WORK ITEM.
Every line of the records that holds the word "image" should be copied.

Records excerpted from a collection

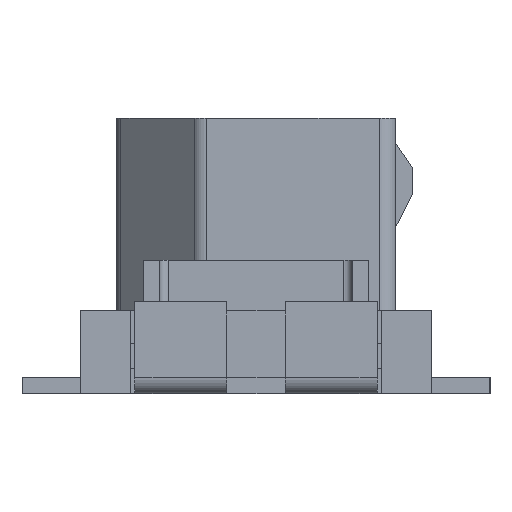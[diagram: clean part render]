
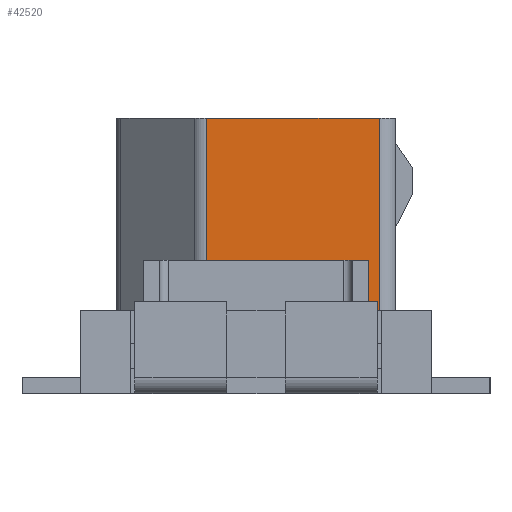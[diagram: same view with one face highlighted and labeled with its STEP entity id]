
A CAD part, left-side view. The second image highlights one B-rep face of the part: STEP entity #42520.
In plain terms, the highlighted planar face has unit normal (-1, 0, 0).
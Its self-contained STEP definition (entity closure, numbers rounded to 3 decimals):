
#42130=CARTESIAN_POINT('',(19.202,30.59,-2.415));
#42140=DIRECTION('',(1.,0.,0.));
#42150=DIRECTION('',(0.,0.,-1.));
#42160=AXIS2_PLACEMENT_3D('',#42130,#42140,#42150);
#42170=PLANE('',#42160);
#42180=CARTESIAN_POINT('',(19.202,0.,-2.3));
#42190=DIRECTION('',(0.,-1.,0.));
#42200=VECTOR('',#42190,1.);
#42210=LINE('',#42180,#42200);
#42220=CARTESIAN_POINT('',(19.202,32.76,-2.3));
#42230=VERTEX_POINT('',#42220);
#42240=CARTESIAN_POINT('',(19.202,30.693,-2.3));
#42250=VERTEX_POINT('',#42240);
#42260=EDGE_CURVE('',#42230,#42250,#42210,.T.);
#42270=ORIENTED_EDGE('',*,*,#42260,.T.);
#42280=CARTESIAN_POINT('',(19.202,32.76,-2.415));
#42290=DIRECTION('',(0.,0.,1.));
#42300=VECTOR('',#42290,1.);
#42310=LINE('',#42280,#42300);
#42320=CARTESIAN_POINT('',(19.202,32.76,0.));
#42330=VERTEX_POINT('',#42320);
#42340=EDGE_CURVE('',#42230,#42330,#42310,.T.);
#42350=ORIENTED_EDGE('',*,*,#42340,.F.);
#42360=CARTESIAN_POINT('',(19.202,0.,0.));
#42370=DIRECTION('',(0.,-1.,0.));
#42380=VECTOR('',#42370,1.);
#42390=LINE('',#42360,#42380);
#42400=CARTESIAN_POINT('',(19.202,30.693,0.));
#42410=VERTEX_POINT('',#42400);
#42420=EDGE_CURVE('',#42330,#42410,#42390,.T.);
#42430=ORIENTED_EDGE('',*,*,#42420,.F.);
#42440=CARTESIAN_POINT('',(19.202,30.693,0.115));
#42450=DIRECTION('',(0.,0.,-1.));
#42460=VECTOR('',#42450,1.);
#42470=LINE('',#42440,#42460);
#42480=EDGE_CURVE('',#42410,#42250,#42470,.T.);
#42490=ORIENTED_EDGE('',*,*,#42480,.F.);
#42500=EDGE_LOOP('',(#42490,#42430,#42350,#42270));
#42510=FACE_OUTER_BOUND('',#42500,.T.);
#42520=ADVANCED_FACE('',(#42510),#42170,.F.);
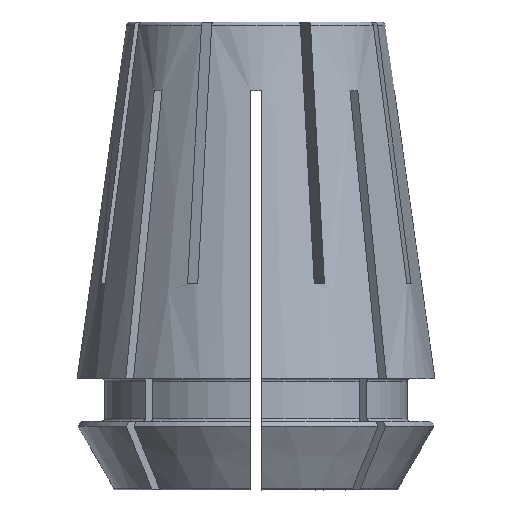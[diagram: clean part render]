
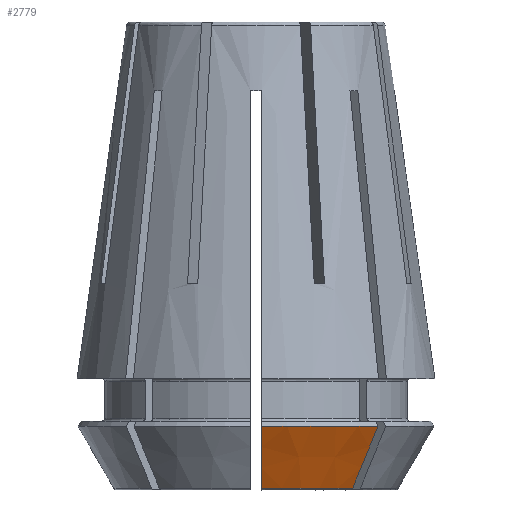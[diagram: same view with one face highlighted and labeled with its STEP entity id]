
A CAD part, front view. The second image highlights one B-rep face of the part: STEP entity #2779.
In plain terms, the highlighted conical face has half-angle 30 degrees and reference radius 12.931 mm.
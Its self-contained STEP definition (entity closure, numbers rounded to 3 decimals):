
#21=CONICAL_SURFACE('',#2953,12.931,0.524);
#451=CIRCLE('',#2951,12.931);
#453=CIRCLE('',#2954,10.335);
#454=CIRCLE('',#2955,43719.056);
#455=CIRCLE('',#2956,43719.052);
#634=ORIENTED_EDGE('',*,*,#1543,.T.);
#635=ORIENTED_EDGE('',*,*,#1544,.T.);
#636=ORIENTED_EDGE('',*,*,#1539,.F.);
#637=ORIENTED_EDGE('',*,*,#1545,.T.);
#1539=EDGE_CURVE('',#1992,#1993,#451,.T.);
#1543=EDGE_CURVE('',#1996,#1997,#453,.T.);
#1544=EDGE_CURVE('',#1997,#1993,#454,.T.);
#1545=EDGE_CURVE('',#1992,#1996,#455,.T.);
#1992=VERTEX_POINT('',#4111);
#1993=VERTEX_POINT('',#4112);
#1996=VERTEX_POINT('',#4120);
#1997=VERTEX_POINT('',#4121);
#2419=EDGE_LOOP('',(#634,#635,#636,#637));
#2575=FACE_BOUND('',#2419,.T.);
#2779=ADVANCED_FACE('',(#2575),#21,.T.);
#2951=AXIS2_PLACEMENT_3D('',#4110,#3289,#3290);
#2953=AXIS2_PLACEMENT_3D('',#4118,#3295,#3296);
#2954=AXIS2_PLACEMENT_3D('',#4119,#3297,#3298);
#2955=AXIS2_PLACEMENT_3D('',#4122,#3299,#3300);
#2956=AXIS2_PLACEMENT_3D('',#4123,#3301,#3302);
#3289=DIRECTION('',(0.,0.,1.));
#3290=DIRECTION('',(1.,0.,0.));
#3295=DIRECTION('',(0.,0.,1.));
#3296=DIRECTION('',(1.,0.,0.));
#3297=DIRECTION('',(0.,0.,1.));
#3298=DIRECTION('',(1.,0.,0.));
#3299=DIRECTION('',(-0.707,-0.707,0.));
#3300=DIRECTION('',(0.612,-0.612,-0.5));
#3301=DIRECTION('',(1.,0.,0.));
#3302=DIRECTION('',(0.,-0.866,-0.5));
#4110=CARTESIAN_POINT('',(0.,0.,4.821));
#4111=CARTESIAN_POINT('',(0.4,-12.925,4.821));
#4112=CARTESIAN_POINT('',(8.856,-9.422,4.821));
#4118=CARTESIAN_POINT('',(0.,0.,4.821));
#4119=CARTESIAN_POINT('',(0.,0.,0.325));
#4120=CARTESIAN_POINT('',(0.4,-10.328,0.325));
#4121=CARTESIAN_POINT('',(7.02,-7.586,0.325));
#4122=CARTESIAN_POINT('',(-26760.396,26759.83,21871.921));
#4123=CARTESIAN_POINT('',(0.4,37844.512,21871.919));
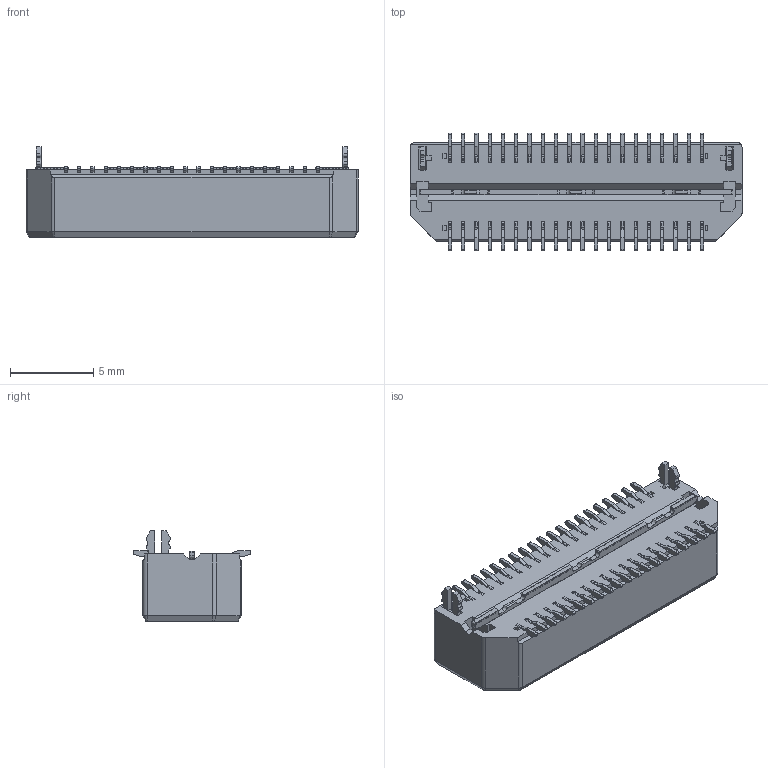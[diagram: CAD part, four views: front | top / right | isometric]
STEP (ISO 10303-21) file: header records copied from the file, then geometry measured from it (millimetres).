
FILE_DESCRIPTION( ('This file contains a STEP AP42 implementation' ,'as created by ZW3D STEP Interface translator.') ,'2;1' );
FILE_NAME( '37512-PMXXXXXWXX01.stp' ,'231221.164937', (''), ('ZWCAD Software Co.'), 'Version 1.0', 'ZW3D to STEP translator', '' );
FILE_SCHEMA(('AUTOMOTIVE_DESIGN { 1 0 10303 214 1 1 1 1 }'));
Length unit declared in the file: millimetre
Products named in the file (2): 0; 37512-PMXXXXXWXX01
Bounding box: 20 x 7.1 x 5.46 mm (x, y, z)
Volume: 293.1 mm3; surface area: 1002.4 mm2
Topology: 1 solids, 5 shells, 2919 faces, 8213 edges, 5332 vertices
Faces by surface type: plane 2327, cylinder 586, cone 6
Entity records: 96349 total; most frequent: CARTESIAN_POINT 17219, ORIENTED_EDGE 16590, DIRECTION 14927, EDGE_CURVE 8215, VECTOR 6895, LINE 6895, VERTEX_POINT 5332, AXIS2_PLACEMENT_3D 4016
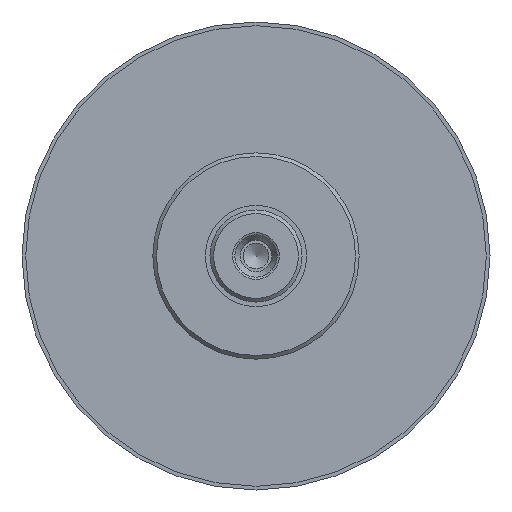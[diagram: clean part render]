
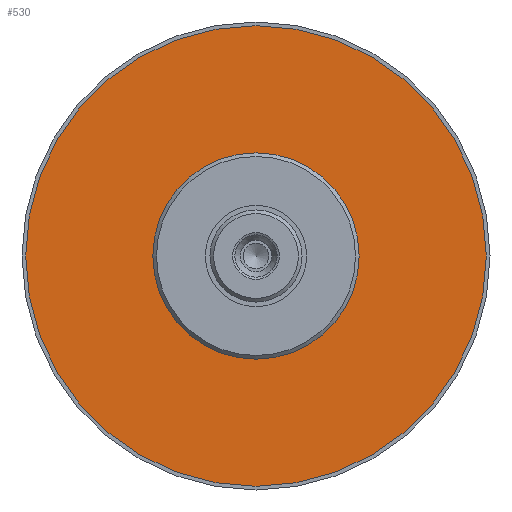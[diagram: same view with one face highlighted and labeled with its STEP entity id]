
A CAD part, front view. The second image highlights one B-rep face of the part: STEP entity #530.
In plain terms, the highlighted planar face has unit normal (0, -1, 0).
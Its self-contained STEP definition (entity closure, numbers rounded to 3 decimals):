
#90=FACE_BOUND('',#207,.T.);
#132=FACE_OUTER_BOUND('',#206,.T.);
#206=EDGE_LOOP('',(#432));
#207=EDGE_LOOP('',(#433));
#239=CIRCLE('',#594,56.);
#249=CIRCLE('',#616,125.);
#283=VERTEX_POINT('',#920);
#293=VERTEX_POINT('',#952);
#331=EDGE_CURVE('',#283,#283,#239,.T.);
#341=EDGE_CURVE('',#293,#293,#249,.T.);
#432=ORIENTED_EDGE('',*,*,#341,.F.);
#433=ORIENTED_EDGE('',*,*,#331,.T.);
#454=PLANE('',#615);
#530=ADVANCED_FACE('',(#132,#90),#454,.T.);
#594=AXIS2_PLACEMENT_3D('',#921,#736,#737);
#615=AXIS2_PLACEMENT_3D('',#951,#778,#779);
#616=AXIS2_PLACEMENT_3D('',#953,#780,#781);
#736=DIRECTION('center_axis',(0.,1.,0.));
#737=DIRECTION('ref_axis',(0.,0.,1.));
#778=DIRECTION('center_axis',(0.,-1.,0.));
#779=DIRECTION('ref_axis',(0.,0.,-1.));
#780=DIRECTION('center_axis',(0.,1.,0.));
#781=DIRECTION('ref_axis',(0.,0.,1.));
#920=CARTESIAN_POINT('',(0.,-310.,56.));
#921=CARTESIAN_POINT('Origin',(0.,-310.,0.));
#951=CARTESIAN_POINT('Origin',(0.,-310.,90.5));
#952=CARTESIAN_POINT('',(0.,-310.,125.));
#953=CARTESIAN_POINT('Origin',(0.,-310.,0.));

EXPECTED ANSWER.
A CAD part, left-side view. The second image highlights one B-rep face of the part: STEP entity #42520.
A CAD part, front view. The second image highlights one B-rep face of the part: STEP entity #2779.
A CAD part, front view. The second image highlights one B-rep face of the part: STEP entity #530.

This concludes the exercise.